Месяц назад в Воронеже открыли гадаевский памятник Мандельштаму, сейчас в Третьяковке еще идет его ретроспективная выставка к 70-летию. Лазарь Гадаев родился в 1938 году, он осетин и учился сначала во Владикавказе (тогда — Орджоникидзе) на художественно-графическом факультете Северо-Осетинского педучилища. В 1960 переехал в Москву, в институт имени В. И. Сурикова. Его учителями были живописец Дмитрий Жилинский и скульптор Матвей Манизер. Как скульптор начал выставляться с 1970-х годов, в основном в жанре мелкой пластики. Его работы пользовались успехом у критиков, он был одним из любимых художников лучшего художественного журнала тех лет — "Декоративное искусство СССР". Монументальные работы появились в конце 1980-х.

Нельзя сказать, что это было хорошее время для скульптуры: мы тогда в большей степени были склонны сносить памятники, чем их ставить. Но все же ему удалось достаточно много. Он поставил памятники Георгию Малиеву во Владикавказе, Темботу Керашеву в Майкопе. Его композиции установлены в парках Еревана, Владикавказа, Сеула, в Германии в Хоерсверде.

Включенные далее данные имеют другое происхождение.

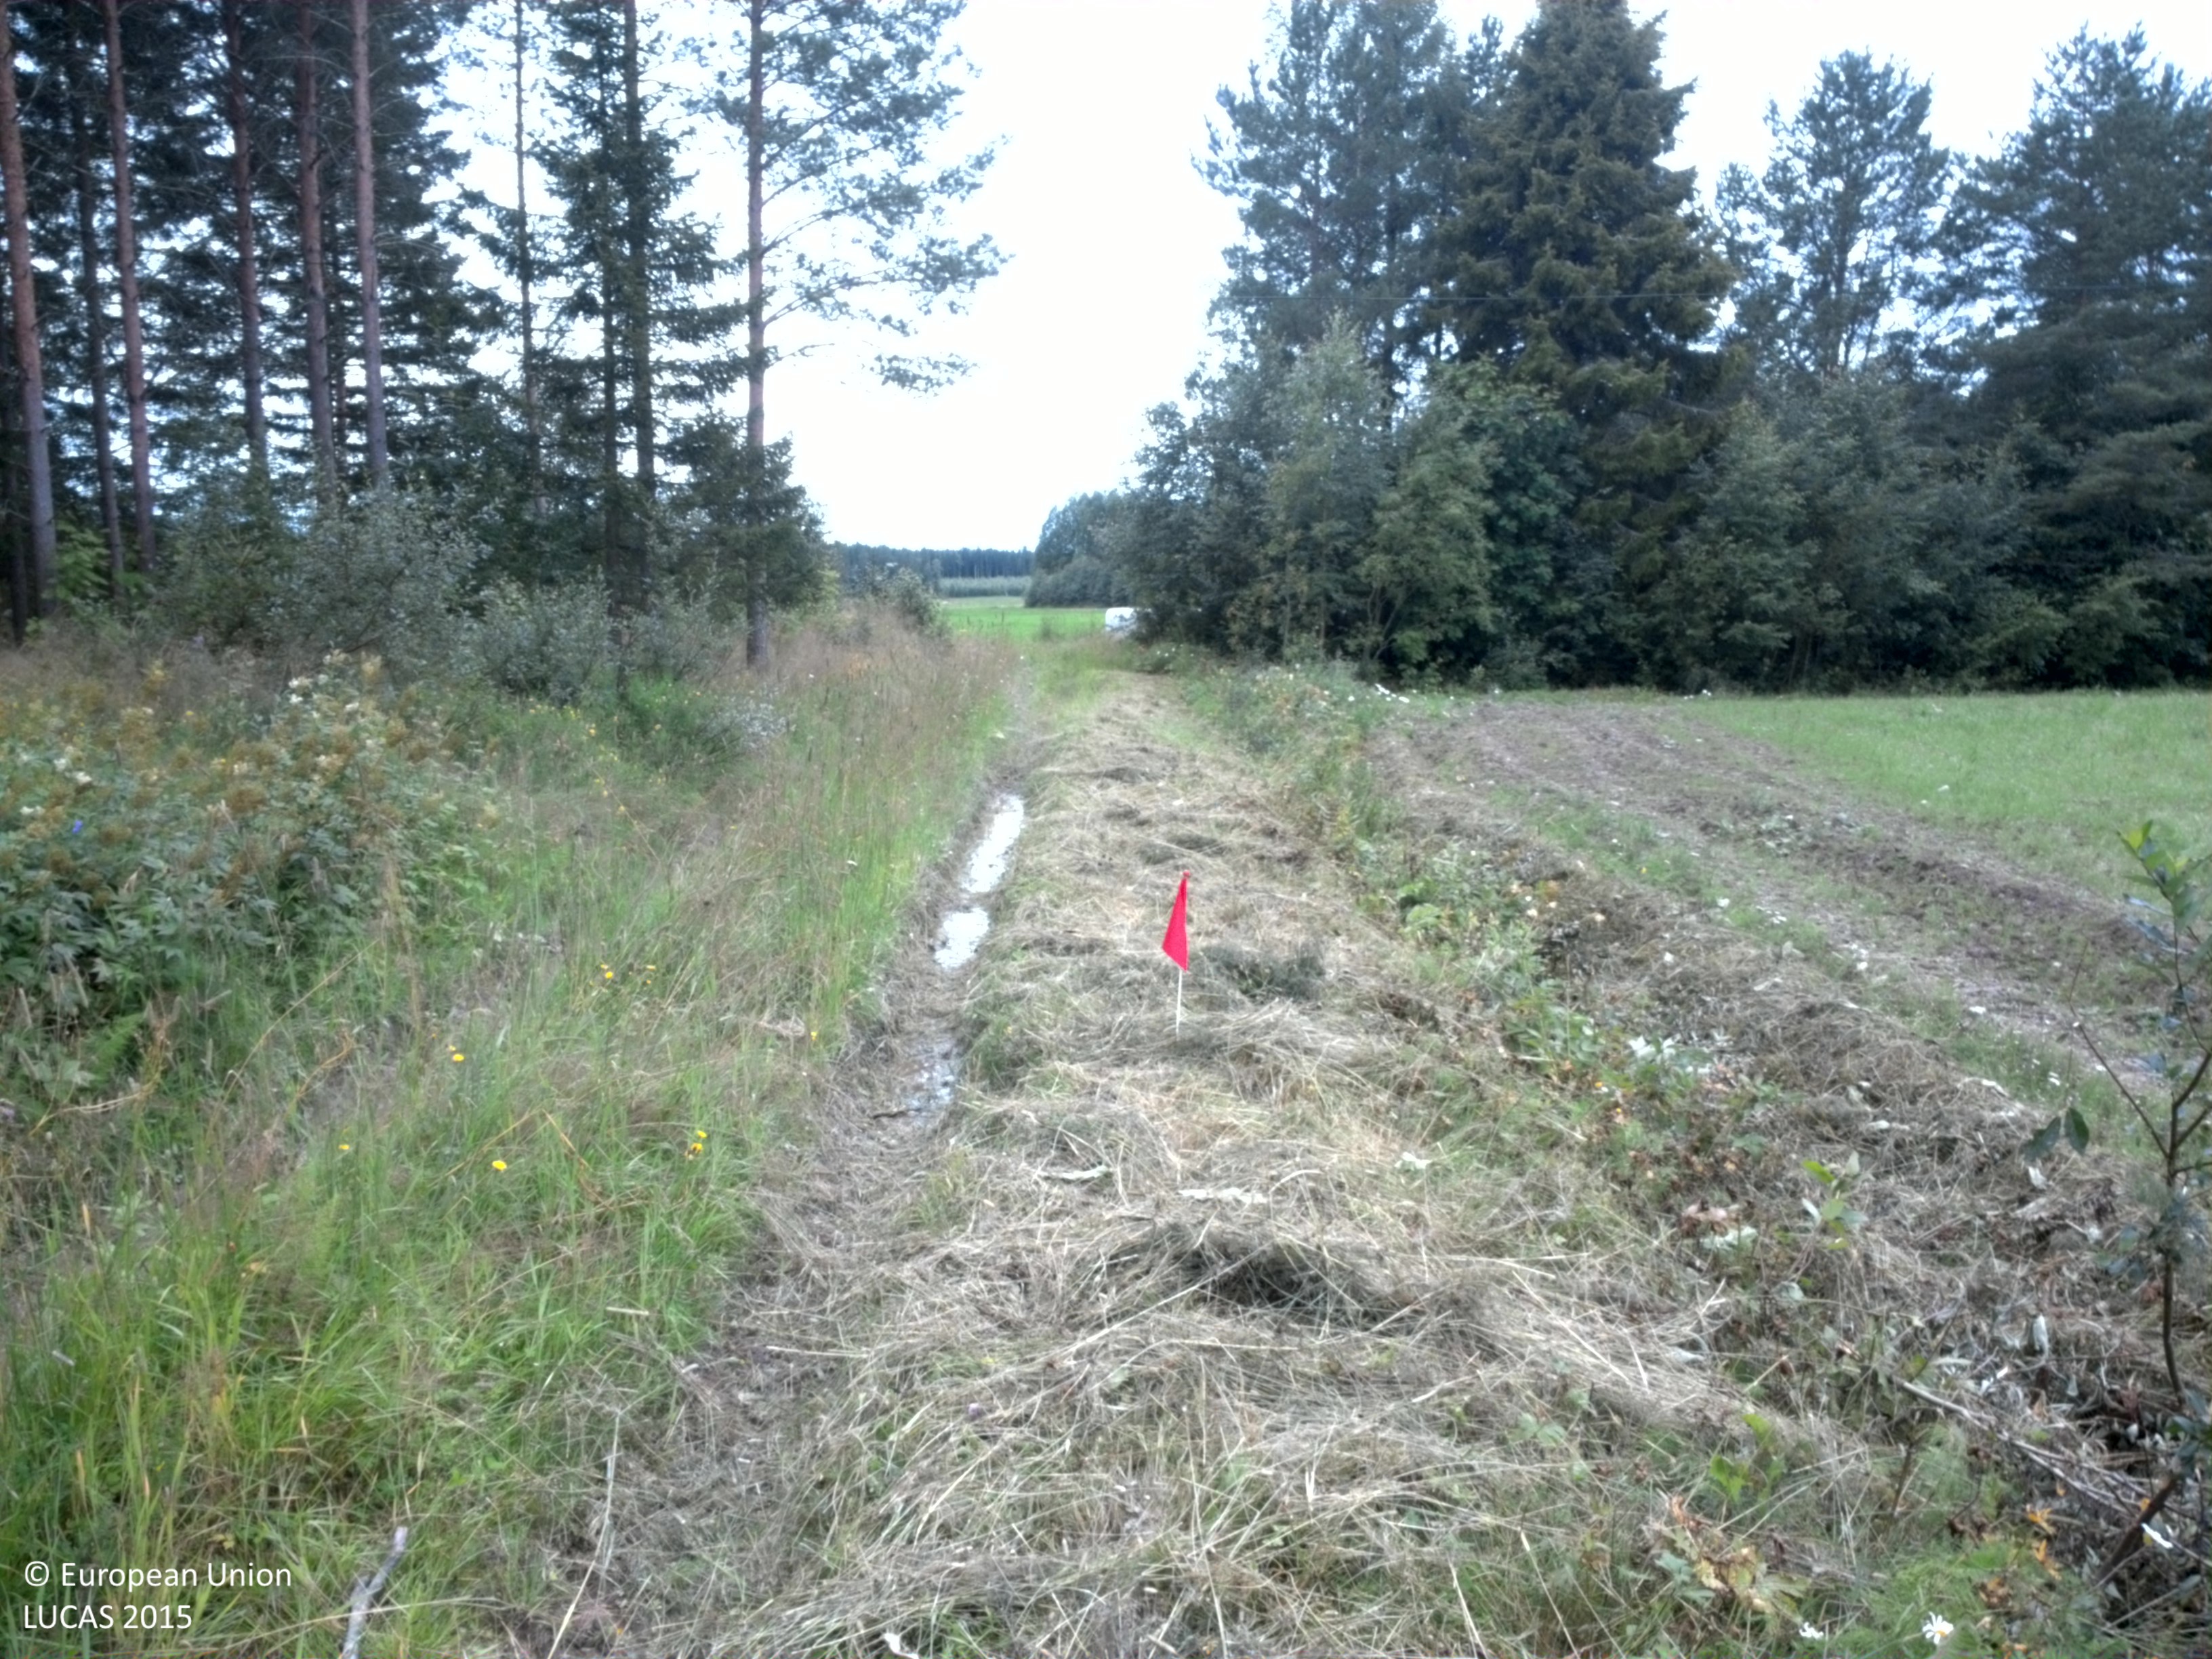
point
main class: Cropland
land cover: Temporary grasslands
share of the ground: > 75 %
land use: Agriculture (excluding fallow land and kitchen gardens)
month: August
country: SE
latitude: 64.5607
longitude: 20.7656

Как скульптор он представлял школу 1970-х. Сложную, многословную, с уходом в психологизм и станковизм. Те задачи, которые он решал, трудно представить себе у современных художников. Но в решении этих задач он был виртуозом, и у него была своя тема. Я познакомился с ним на конкурсе на памятник Осипу Мандельштаму, его проект не выиграл, но, слава Богу, его установили в Воронеже. Это невероятный Мандельштам, трагический, беззащитный и вместе с тем — исполненный невероятного достоинства, как бы несущий в руке свой голос. В нем есть тревожная глубина; когда смотришь, кажется, что в складках одежды, в повороте тела, в позе, тебе, наверное, сейчас скажут что-то, может быть, страшное, но главное. Этот памятник похож на мандельштамовскую поэзию — по крайней мере на ту, которая открывается, когда первый раз читаешь Мандельштама в юности.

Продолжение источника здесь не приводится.